Records from a dataset:
-.-.-
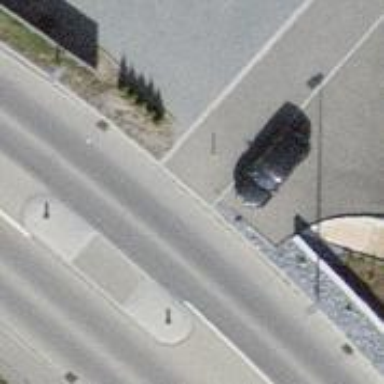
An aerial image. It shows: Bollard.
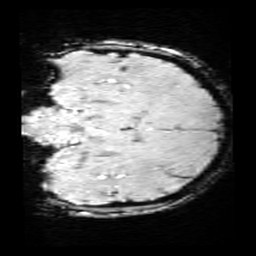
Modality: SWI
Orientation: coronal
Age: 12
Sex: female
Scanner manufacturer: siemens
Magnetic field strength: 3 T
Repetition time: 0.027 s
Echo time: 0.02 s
-.-.-
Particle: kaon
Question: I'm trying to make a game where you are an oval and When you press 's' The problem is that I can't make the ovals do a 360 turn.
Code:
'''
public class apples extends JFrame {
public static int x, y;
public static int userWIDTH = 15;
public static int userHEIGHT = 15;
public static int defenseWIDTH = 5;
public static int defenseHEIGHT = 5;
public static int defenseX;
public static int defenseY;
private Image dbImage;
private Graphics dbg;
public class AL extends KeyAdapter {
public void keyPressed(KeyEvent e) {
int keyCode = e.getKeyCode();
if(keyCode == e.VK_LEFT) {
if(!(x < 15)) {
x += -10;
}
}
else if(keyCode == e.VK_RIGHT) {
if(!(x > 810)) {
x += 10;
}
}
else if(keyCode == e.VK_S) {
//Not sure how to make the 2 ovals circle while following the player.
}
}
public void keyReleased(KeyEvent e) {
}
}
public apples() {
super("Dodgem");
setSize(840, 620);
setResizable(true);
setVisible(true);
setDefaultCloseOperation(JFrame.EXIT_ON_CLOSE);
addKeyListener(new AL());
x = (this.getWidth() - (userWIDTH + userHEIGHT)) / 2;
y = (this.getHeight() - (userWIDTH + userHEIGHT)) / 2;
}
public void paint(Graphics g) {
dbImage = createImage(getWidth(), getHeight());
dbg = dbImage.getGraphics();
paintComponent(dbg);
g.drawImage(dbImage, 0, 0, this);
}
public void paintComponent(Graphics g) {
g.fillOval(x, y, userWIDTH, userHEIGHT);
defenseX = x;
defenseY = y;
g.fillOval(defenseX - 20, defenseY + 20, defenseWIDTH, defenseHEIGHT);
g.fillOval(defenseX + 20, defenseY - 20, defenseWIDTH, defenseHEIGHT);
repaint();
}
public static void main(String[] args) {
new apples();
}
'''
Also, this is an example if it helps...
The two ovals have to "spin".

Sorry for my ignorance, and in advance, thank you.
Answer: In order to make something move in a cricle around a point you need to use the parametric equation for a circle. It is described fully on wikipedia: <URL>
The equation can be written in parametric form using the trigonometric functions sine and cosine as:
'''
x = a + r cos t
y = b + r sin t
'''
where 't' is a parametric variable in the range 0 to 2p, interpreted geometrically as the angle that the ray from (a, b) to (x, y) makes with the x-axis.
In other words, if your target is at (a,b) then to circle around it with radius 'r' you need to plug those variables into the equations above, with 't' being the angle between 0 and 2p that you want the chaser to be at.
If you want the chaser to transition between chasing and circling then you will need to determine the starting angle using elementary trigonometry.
-.-.-
▸ **THE PROBLEM**
Transcribe only this stretch of the data: the line with "An aerial image. It shows: Bollard.", the line with "Echo time: 0.02 s", and every line in between. Leave out the pictures.

▸ **EXERCISE RESPONSE**
An aerial image. It shows: Bollard.
Modality: SWI
Orientation: coronal
Age: 12
Sex: female
Scanner manufacturer: siemens
Magnetic field strength: 3 T
Repetition time: 0.027 s
Echo time: 0.02 s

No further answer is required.